Massachusetts’s Deborah DiMasi, the wife of convicted former House Speaker Sal DiMasi has gone on record over and over that she fears her husband will die in prison. I wrote about Sal DiMasi for Boston Magazine delineating the poor treatment he received behind bars in 2013. On July 13, 2015, his wife told WGBH her husband waited for a biopsy for three months. “There was seven months of time that his cancer was allowed to spread, and it did spread. So that to me is just so inhumane.”
As I wrote in 2013, we should be giving treatment to sick and dying prisoners. And Massachusetts should be supporting medical release in dire cases for the ill and elderly. Per my online article in Boston Magazine about DiMasi, “more than forty states have some sort of medical release provision. According to Modern Healthcare, an online news weekly, Michigan has managed to release 100 elderly and infirm prisoners since 2008.” In Massachusetts it costs more than $68,000 to house a state prisoner who is sick and dying, “If those 100 prisoners were released and lived for one year beyond their release, it would mean a savings of $6.8 million.”
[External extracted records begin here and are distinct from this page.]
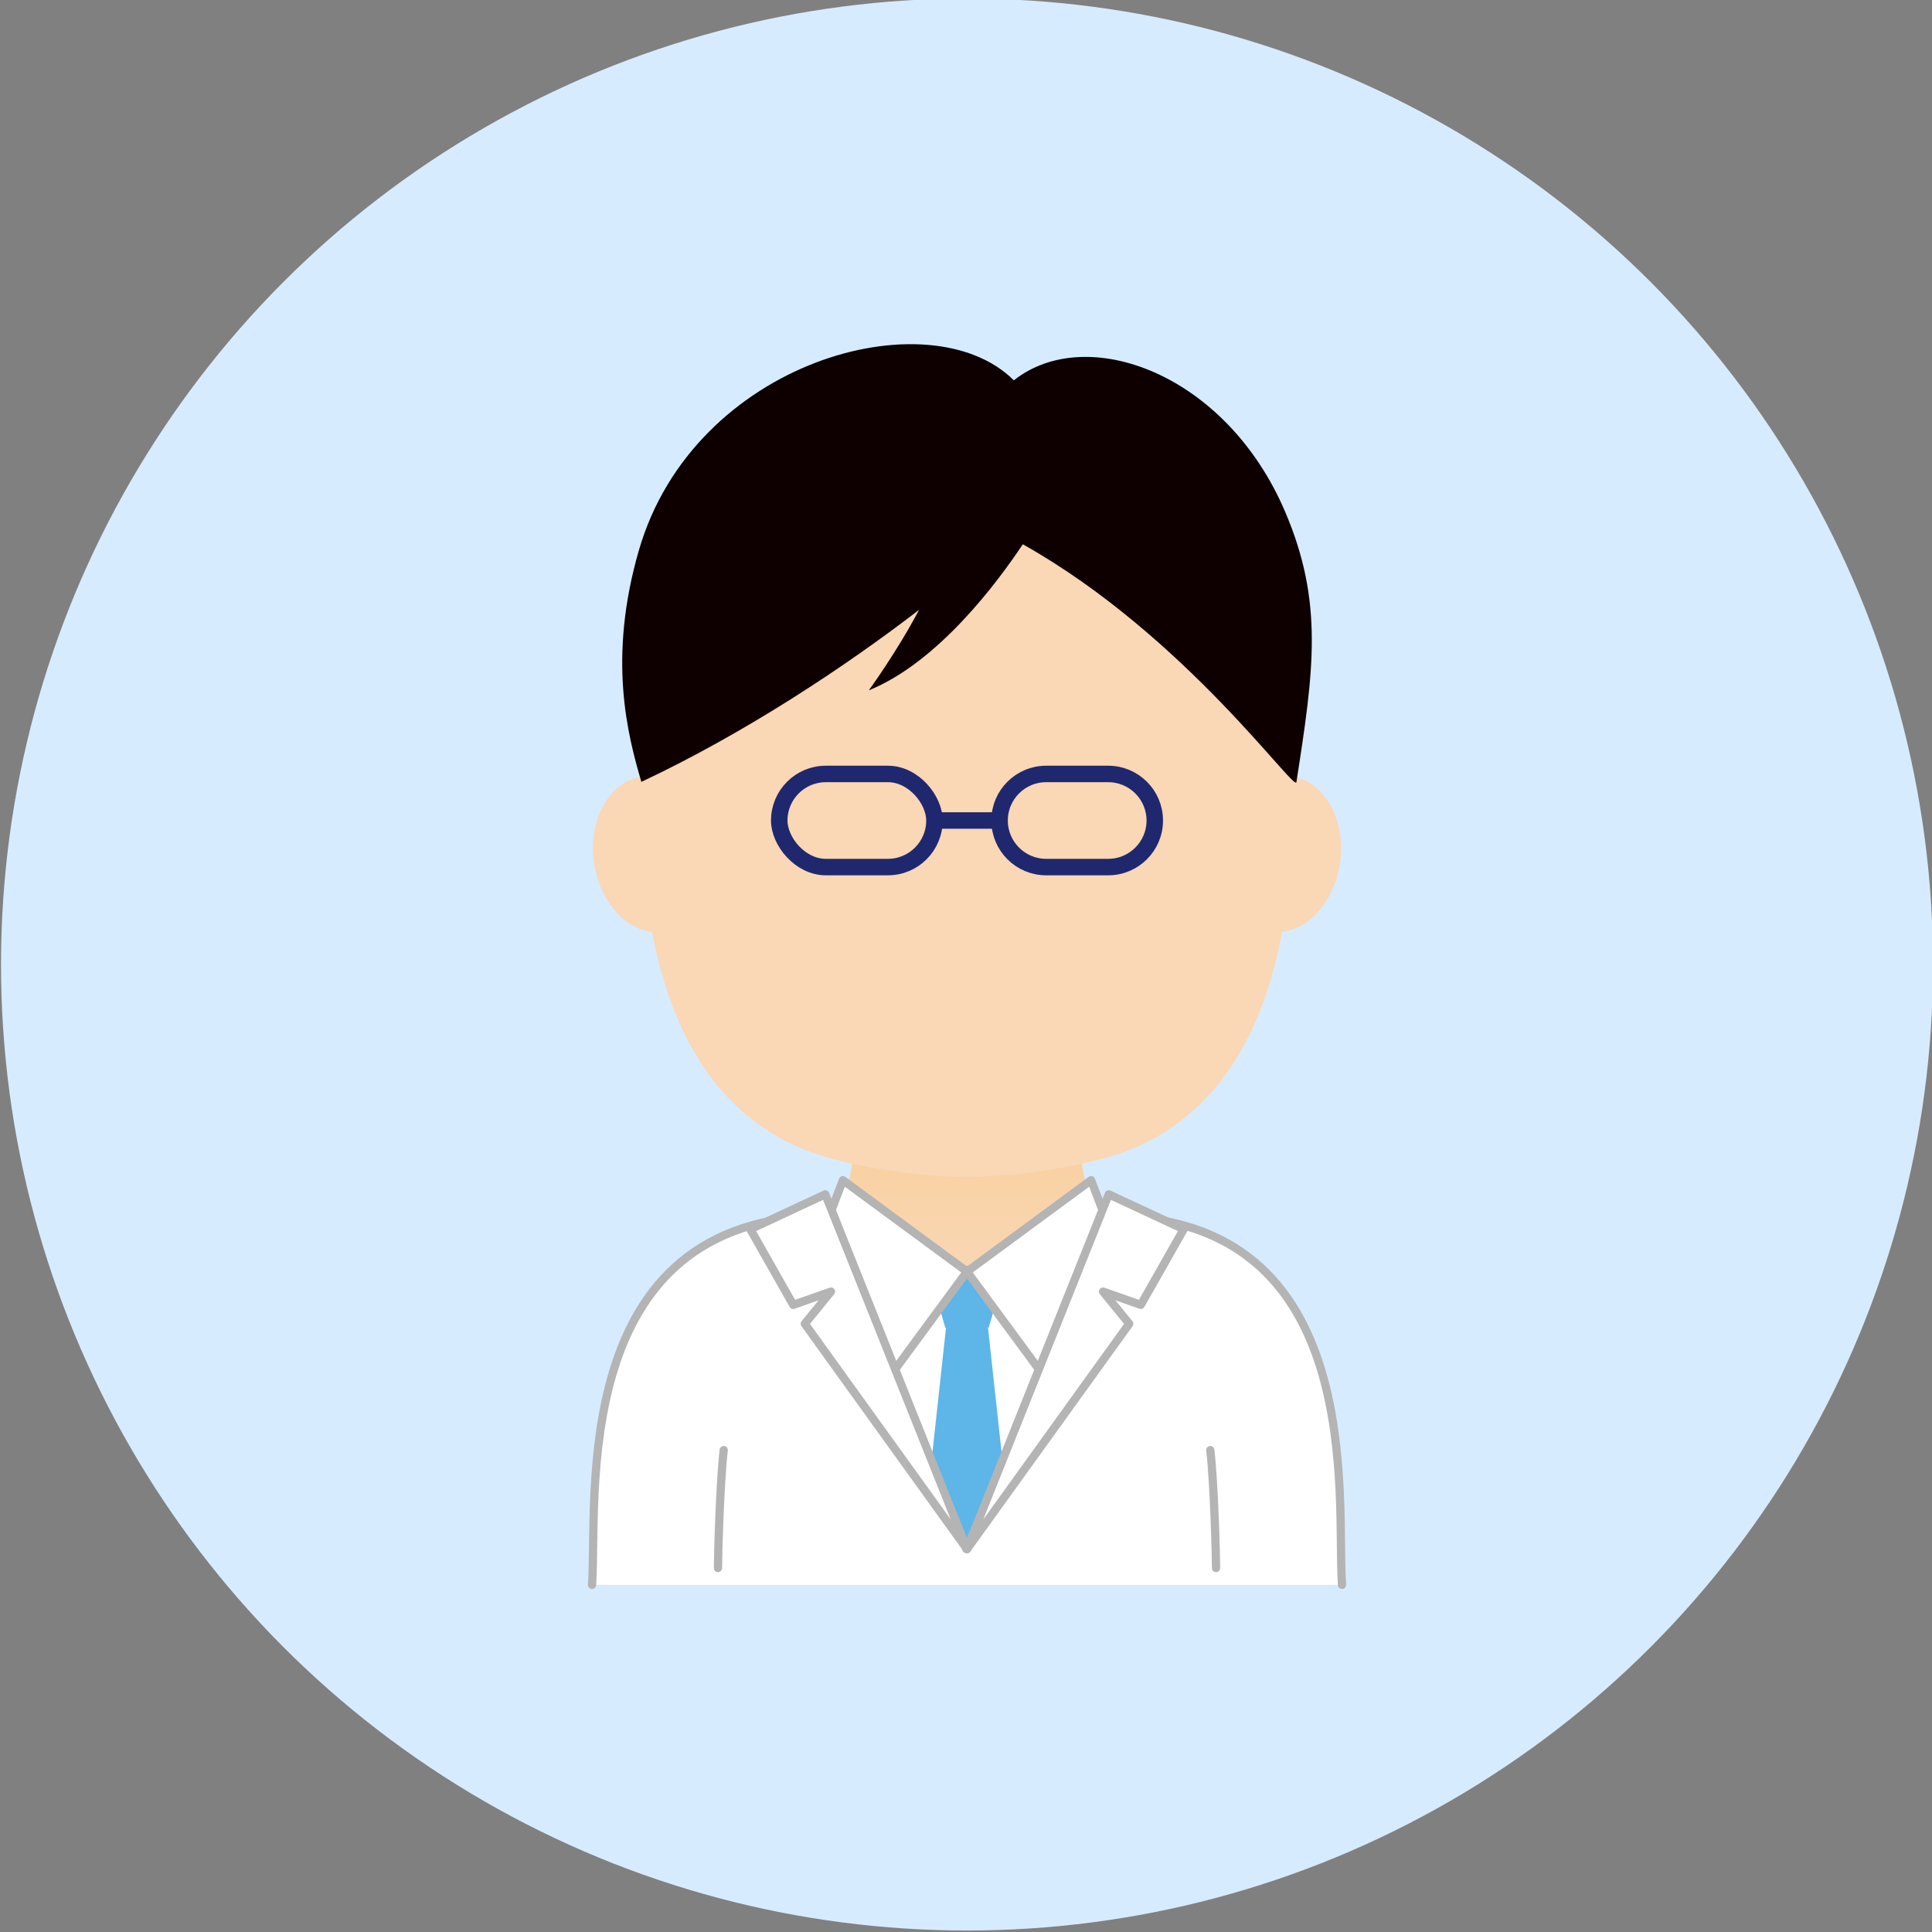 <?xml version="1.0" encoding="UTF-8"?>
<svg xmlns="http://www.w3.org/2000/svg" xmlns:xlink="http://www.w3.org/1999/xlink" version="1.1" viewBox="0 0 644 644">
  <rect x="0" y="0" width="644" height="644" fill="#808080" stroke="none"/>
  <!-- Generator: Adobe Illustrator 29.5.1, SVG Export Plug-In . SVG Version: 2.1.0 Build 141)  -->
  <defs>
    <linearGradient id="_名称未設定グラデーション_12" data-name="名称未設定グラデーション 12" x1="322.338" y1="451.264" x2="322.338" y2="347.57" gradientUnits="userSpaceOnUse">
      <stop offset="0" stop-color="#fad7b5"/>
      <stop offset=".307" stop-color="#f9d6b2"/>
      <stop offset=".523" stop-color="#f9d3a8"/>
      <stop offset=".712" stop-color="#f9ce99"/>
      <stop offset=".884" stop-color="#f8c783"/>
      <stop offset="1" stop-color="#f8c170"/>
    </linearGradient>
  </defs>
  <g id="_レイヤー_1" data-name="レイヤー_1">
    <circle cx="322.337" cy="321.506" r="322" fill="#d7ebff"/>
  </g>
  <g id="_レイヤー_2" data-name="レイヤー_2">
    <g>
      <polygon points="277.495 428.082 367.18 428.082 320.202 518.154 277.495 428.082" fill="#fff"/>
      <polygon points="328.775 437.393 315.9 437.393 306.458 524.088 322.337 524.088 338.217 524.088 328.775 437.393" fill="#5db6e7"/>
      <path d="M369.81,405.352l-47.672,111.01-46.234-111.138c-87.241,0-76.588,95.358-78.566,123.062h250c-1.978-27.704,9.134-122.934-77.527-122.934Z" fill="#fff"/>
      <path d="M447.337,528.286c-1.978-27.704,9.134-122.934-77.527-122.934l-47.672,111.01-46.234-111.138c-87.241,0-76.588,95.358-78.566,123.062" fill="none" stroke="#b4b4b5" stroke-linecap="round" stroke-linejoin="round" stroke-width="2.746"/>
      <path d="M359.841,347.23h-75.006s4.121,40.988-6.329,57.994c9.622,19.697,27.812,27.445,43.831,28.175,16.02-.73,34.21-8.478,43.832-28.175-10.45-17.006-6.328-57.994-6.328-57.994Z" fill="url(#_名称未設定グラデーション_12)"/>
      <g>
        <path d="M237.463,281.977c1.996,14.307-5.223,27.139-16.123,28.66-10.901,1.521-21.356-8.845-23.352-23.152-1.996-14.307,5.223-27.139,16.123-28.66,10.901-1.521,21.356,8.845,23.352,23.152Z" fill="#fad7b5"/>
        <path d="M407.213,281.977c-1.996,14.307,5.222,27.139,16.123,28.66,10.901,1.521,21.356-8.845,23.352-23.152,1.996-14.307-5.223-27.139-16.123-28.66-10.901-1.521-21.356,8.845-23.352,23.152Z" fill="#fad7b5"/>
      </g>
      <path d="M322.67,132.356c-.224,0-.442.017-.666.018-63.002,0-108.849,54.747-108.849,128.25,0,54.641,11.514,102.835,52.198,121.411,14.824,6.769,40.772,10.179,56.65,10.335v.002c.011,0,.022-.001.033-.001.211.002.422.018.633.019v-.038c15.878-.156,42.052-3.566,56.876-10.335,40.684-18.576,51.972-66.771,51.972-121.411,0-73.502-45.847-128.25-108.849-128.25Z" fill="#fad7b5"/>
      <g>
        <path d="M241.241,483.365c-1.324,11.56-1.918,35.954-1.918,39.309" fill="none" stroke="#b4b4b5" stroke-linecap="round" stroke-linejoin="round" stroke-width="2.746"/>
        <path d="M403.434,483.365c1.324,11.56,1.917,35.954,1.917,39.309" fill="none" stroke="#b4b4b5" stroke-linecap="round" stroke-linejoin="round" stroke-width="2.746"/>
      </g>
      <polygon points="309.093 421.943 315.101 442.543 329.574 442.543 335.582 421.943 309.093 421.943" fill="#5db6e7"/>
      <g>
        <polygon points="280.972 393.398 322.337 423.852 294.381 461.856 276.473 405.224 280.972 393.398" fill="#fff" stroke="#b4b4b5" stroke-linecap="round" stroke-linejoin="round" stroke-width="2.746"/>
        <polygon points="363.702 393.398 322.337 423.852 350.294 461.856 368.202 405.224 363.702 393.398" fill="#fff" stroke="#b4b4b5" stroke-linecap="round" stroke-linejoin="round" stroke-width="2.746"/>
      </g>
      <g>
        <polygon points="369.582 398.105 322.337 516.362 376.414 441.256 367.68 430.526 380.263 434.956 394.566 409.75 369.582 398.105" fill="#fff" stroke="#b4b4b5" stroke-linecap="round" stroke-linejoin="round" stroke-width="2.746"/>
        <polygon points="275.093 398.105 322.337 516.362 268.261 441.256 276.995 430.526 264.411 434.956 250.109 409.75 275.093 398.105" fill="#fff" stroke="#b4b4b5" stroke-linecap="round" stroke-linejoin="round" stroke-width="2.746"/>
      </g>
      <path d="M428.357,170.528c-19.778-46.257-66.246-62.912-90.411-43.747-27.914-27.915-106.659-6.666-124.991,56.663-10.428,36.024-3.802,61.356.832,77.18,34.582-16.26,68.256-38.621,92.573-57.35-7.302,13.864-16.744,26.834-16.744,26.834,23.02-9.332,42.783-35.846,51.322-48.685,54.491,30.615,91.292,83.698,91.212,79.183,5.79-37.164,9.123-59.87-3.793-90.077Z" fill="#0e0000"/>
    </g>
    <g>
      <line x1="313.512" y1="273.503" x2="333.194" y2="273.503" fill="none" stroke="#1f286f" stroke-linecap="round" stroke-linejoin="round" stroke-width="5.492"/>
      <rect x="259.749" y="257.984" width="51.732" height="31.039" rx="15.519" ry="15.519" fill="none" stroke="#1f286f" stroke-linecap="round" stroke-linejoin="round" stroke-width="5.492"/>
      <path d="M348.713,257.984h20.693c8.565,0,15.519,6.954,15.519,15.519h0c0,8.566-6.954,15.52-15.52,15.52h-20.693c-8.565,0-15.519-6.954-15.519-15.519h0c0-8.566,6.954-15.52,15.519-15.52Z" fill="none" stroke="#1f286f" stroke-linecap="round" stroke-linejoin="round" stroke-width="5.492"/>
    </g>
  </g>
</svg>

Which brings me to another occurrence this week: why the Massachusetts Legislature needs to support an override by the governor to Prisoners’ Legal Services’ (PLS) budget. While PLS is a nonprofit, its biggest source of funding is its contract with the Masschusetts Supreme Judicial Court. Governor Charlie Baker vetoed 12% (over $190,000) of PLS’ appropriation last Friday.
Among many of the things PLS has done for prisoners in Massachusetts, it has championed H.1628 / S.843, a medical release bill which would be cost effective at a time when every dollar counts. This bill has not yet had a hearing, but it is a no brainer, in my opinion. And it is one drop in the bucket of the painstaking work that PLS does for prisoners.
I urge Massachusetts people to contact their representatives by MONDAY, JULY 27th, and say they want them to override Governor Baker’s veto of $194,504 for Prisoners’ Legal Services (0321-2100). You can also call the Speaker and the House Ways and Means Chairman: the Speaker’s office (617.722.2500) and the office of Chairman Dempsey (617.722.2990) voicing your support for an override.
Meanwhile, prisoners are sick and dying, disappearing as my friend Lois Ahrens of the Real Cost of Prisons Project, says. They are disappearing behind walls, bars, chains, locks, and silence. When we can speak out, we must. It is our freedom, our right, our obligation.